### Try it
Nothing in the data should be altered when it is repeated in full.

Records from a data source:
+-------+

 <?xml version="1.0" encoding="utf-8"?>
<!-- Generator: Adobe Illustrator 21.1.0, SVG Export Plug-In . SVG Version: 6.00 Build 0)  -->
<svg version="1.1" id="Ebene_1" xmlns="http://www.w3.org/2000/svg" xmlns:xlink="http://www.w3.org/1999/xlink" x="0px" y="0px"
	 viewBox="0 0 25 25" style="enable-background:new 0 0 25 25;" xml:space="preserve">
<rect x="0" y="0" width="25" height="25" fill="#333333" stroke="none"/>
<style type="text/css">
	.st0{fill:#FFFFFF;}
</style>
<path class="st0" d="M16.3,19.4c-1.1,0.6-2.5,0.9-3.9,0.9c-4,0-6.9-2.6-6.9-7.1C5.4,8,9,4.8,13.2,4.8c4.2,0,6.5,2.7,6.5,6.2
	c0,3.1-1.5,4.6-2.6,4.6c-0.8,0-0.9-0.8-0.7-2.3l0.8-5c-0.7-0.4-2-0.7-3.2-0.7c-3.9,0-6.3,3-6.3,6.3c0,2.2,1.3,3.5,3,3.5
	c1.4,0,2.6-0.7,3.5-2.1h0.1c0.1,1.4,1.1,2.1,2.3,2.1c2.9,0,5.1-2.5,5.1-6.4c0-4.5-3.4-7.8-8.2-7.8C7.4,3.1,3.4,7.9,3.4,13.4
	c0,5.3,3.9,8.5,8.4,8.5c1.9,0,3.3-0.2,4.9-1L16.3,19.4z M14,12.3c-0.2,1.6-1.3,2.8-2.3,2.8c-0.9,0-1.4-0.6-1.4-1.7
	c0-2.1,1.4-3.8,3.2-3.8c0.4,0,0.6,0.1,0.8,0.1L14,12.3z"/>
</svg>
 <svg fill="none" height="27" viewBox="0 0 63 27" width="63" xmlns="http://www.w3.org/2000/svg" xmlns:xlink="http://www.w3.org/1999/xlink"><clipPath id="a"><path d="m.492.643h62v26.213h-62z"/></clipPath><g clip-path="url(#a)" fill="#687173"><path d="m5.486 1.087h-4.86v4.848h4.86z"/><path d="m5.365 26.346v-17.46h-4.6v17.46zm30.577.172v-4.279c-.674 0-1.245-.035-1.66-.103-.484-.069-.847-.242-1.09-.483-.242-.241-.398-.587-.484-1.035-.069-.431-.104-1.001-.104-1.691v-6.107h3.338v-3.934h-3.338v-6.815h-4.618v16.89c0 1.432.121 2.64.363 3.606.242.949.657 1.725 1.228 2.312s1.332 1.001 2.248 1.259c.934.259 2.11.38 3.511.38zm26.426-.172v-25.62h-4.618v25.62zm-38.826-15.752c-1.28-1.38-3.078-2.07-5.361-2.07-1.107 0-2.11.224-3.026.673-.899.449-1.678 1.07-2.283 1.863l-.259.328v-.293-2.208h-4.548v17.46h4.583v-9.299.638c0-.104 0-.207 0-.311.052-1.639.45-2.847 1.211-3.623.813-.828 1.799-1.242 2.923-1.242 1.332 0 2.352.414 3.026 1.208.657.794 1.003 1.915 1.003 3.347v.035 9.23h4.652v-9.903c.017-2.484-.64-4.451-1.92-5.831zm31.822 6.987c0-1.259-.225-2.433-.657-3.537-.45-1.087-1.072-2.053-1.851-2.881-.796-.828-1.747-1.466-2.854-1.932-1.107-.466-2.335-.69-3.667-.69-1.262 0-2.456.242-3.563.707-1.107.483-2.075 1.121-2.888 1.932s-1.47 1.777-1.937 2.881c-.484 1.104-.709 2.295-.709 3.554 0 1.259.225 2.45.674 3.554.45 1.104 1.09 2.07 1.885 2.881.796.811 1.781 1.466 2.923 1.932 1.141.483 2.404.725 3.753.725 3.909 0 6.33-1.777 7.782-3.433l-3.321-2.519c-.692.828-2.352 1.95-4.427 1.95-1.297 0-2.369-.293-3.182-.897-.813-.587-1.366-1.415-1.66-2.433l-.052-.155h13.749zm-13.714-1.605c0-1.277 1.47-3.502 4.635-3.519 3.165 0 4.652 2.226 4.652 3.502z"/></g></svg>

+-------+

### Your solution
 <?xml version="1.0" encoding="utf-8"?>
<!-- Generator: Adobe Illustrator 21.1.0, SVG Export Plug-In . SVG Version: 6.00 Build 0)  -->
<svg version="1.1" id="Ebene_1" xmlns="http://www.w3.org/2000/svg" xmlns:xlink="http://www.w3.org/1999/xlink" x="0px" y="0px"
	 viewBox="0 0 25 25" style="enable-background:new 0 0 25 25;" xml:space="preserve">
<rect x="0" y="0" width="25" height="25" fill="#333333" stroke="none"/>
<style type="text/css">
	.st0{fill:#FFFFFF;}
</style>
<path class="st0" d="M16.3,19.4c-1.1,0.6-2.5,0.9-3.9,0.9c-4,0-6.9-2.6-6.9-7.1C5.4,8,9,4.8,13.2,4.8c4.2,0,6.5,2.7,6.5,6.2
	c0,3.1-1.5,4.6-2.6,4.6c-0.8,0-0.9-0.8-0.7-2.3l0.8-5c-0.7-0.4-2-0.7-3.2-0.7c-3.9,0-6.3,3-6.3,6.3c0,2.2,1.3,3.5,3,3.5
	c1.4,0,2.6-0.7,3.5-2.1h0.1c0.1,1.4,1.1,2.1,2.3,2.1c2.9,0,5.1-2.5,5.1-6.4c0-4.5-3.4-7.8-8.2-7.8C7.4,3.1,3.4,7.9,3.4,13.4
	c0,5.3,3.9,8.5,8.4,8.5c1.9,0,3.3-0.2,4.9-1L16.3,19.4z M14,12.3c-0.2,1.6-1.3,2.8-2.3,2.8c-0.9,0-1.4-0.6-1.4-1.7
	c0-2.1,1.4-3.8,3.2-3.8c0.4,0,0.6,0.1,0.8,0.1L14,12.3z"/>
</svg>
 <svg fill="none" height="27" viewBox="0 0 63 27" width="63" xmlns="http://www.w3.org/2000/svg" xmlns:xlink="http://www.w3.org/1999/xlink"><clipPath id="a"><path d="m.492.643h62v26.213h-62z"/></clipPath><g clip-path="url(#a)" fill="#687173"><path d="m5.486 1.087h-4.86v4.848h4.86z"/><path d="m5.365 26.346v-17.46h-4.6v17.46zm30.577.172v-4.279c-.674 0-1.245-.035-1.66-.103-.484-.069-.847-.242-1.09-.483-.242-.241-.398-.587-.484-1.035-.069-.431-.104-1.001-.104-1.691v-6.107h3.338v-3.934h-3.338v-6.815h-4.618v16.89c0 1.432.121 2.64.363 3.606.242.949.657 1.725 1.228 2.312s1.332 1.001 2.248 1.259c.934.259 2.11.38 3.511.38zm26.426-.172v-25.62h-4.618v25.62zm-38.826-15.752c-1.28-1.38-3.078-2.07-5.361-2.07-1.107 0-2.11.224-3.026.673-.899.449-1.678 1.07-2.283 1.863l-.259.328v-.293-2.208h-4.548v17.46h4.583v-9.299.638c0-.104 0-.207 0-.311.052-1.639.45-2.847 1.211-3.623.813-.828 1.799-1.242 2.923-1.242 1.332 0 2.352.414 3.026 1.208.657.794 1.003 1.915 1.003 3.347v.035 9.23h4.652v-9.903c.017-2.484-.64-4.451-1.92-5.831zm31.822 6.987c0-1.259-.225-2.433-.657-3.537-.45-1.087-1.072-2.053-1.851-2.881-.796-.828-1.747-1.466-2.854-1.932-1.107-.466-2.335-.69-3.667-.69-1.262 0-2.456.242-3.563.707-1.107.483-2.075 1.121-2.888 1.932s-1.47 1.777-1.937 2.881c-.484 1.104-.709 2.295-.709 3.554 0 1.259.225 2.45.674 3.554.45 1.104 1.09 2.07 1.885 2.881.796.811 1.781 1.466 2.923 1.932 1.141.483 2.404.725 3.753.725 3.909 0 6.33-1.777 7.782-3.433l-3.321-2.519c-.692.828-2.352 1.95-4.427 1.95-1.297 0-2.369-.293-3.182-.897-.813-.587-1.366-1.415-1.66-2.433l-.052-.155h13.749zm-13.714-1.605c0-1.277 1.47-3.502 4.635-3.519 3.165 0 4.652 2.226 4.652 3.502z"/></g></svg>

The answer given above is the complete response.